# Signals and Systems – Relation between Laplace Transform and Z-Transform

Signals and SystemsElectronics & ElectricalDigital Electronics

## Z-Transform

The Z-transform (ZT) is a mathematical tool which is used to convert the difference equations in time domain into the algebraic equations in z-domain.

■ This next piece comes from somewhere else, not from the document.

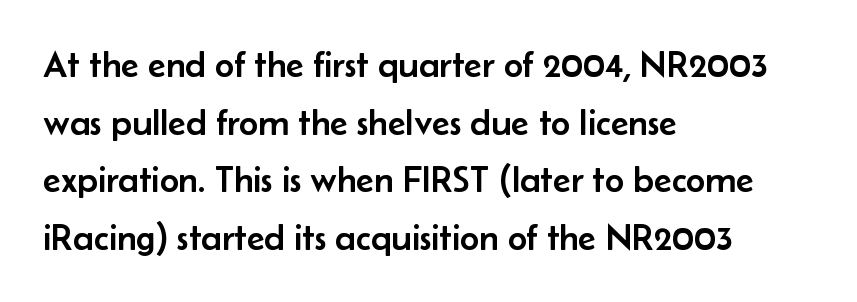
Typographically, this falls in the sans-serif category. Letters rest on an invisible, unmarked baseline. Notice how the stems are strictly vertical — no italics here. These lines keep a tight, regular rhythm from letter to letter.

Mathematically, if $\mathit{x}\mathrm{\left(\mathit{n}\right)}$ is a discrete-time signal or sequence, then its bilateral or two-sided Z-transform is defined as −

$$\mathrm{\mathit{Z}\mathrm{\left[\mathit{x}\mathrm{\left(\mathit{n}\right)}\right]}\:\mathrm{=}\:\mathit{X}\mathrm{\left(\mathit{z}\right)}\:\mathrm{=}\:\sum_{\mathit{n=-\infty}}^{\infty}\mathit{x}\mathrm{\left(\mathit{n}\right)}\mathit{z^{-\mathit{n}}}\:\:\:\:\:\:...(1)}$$

Where, z is a complex variable.

Also, the unilateral or one-sided z-transform is defined as −

$$\mathrm{\mathit{Z}\mathrm{\left[\mathit{x}\mathrm{\left(\mathit{n}\right)}\right]}\:\mathrm{=}\:\mathit{X}\mathrm{\left(\mathit{z}\right)}\:\mathrm{=}\:\sum_{\mathit{n=\mathrm{0}}}^{\infty}\mathit{x}\mathrm{\left(\mathit{n}\right)}\mathit{z^{-\mathit{n}}}\:\:\:\:\:\:...(2)}$$

## Laplace Transform

The Laplace transform is a mathematical tool which is used to convert the differential equation in time domain into the algebraic equations in the frequency domain or s-domain.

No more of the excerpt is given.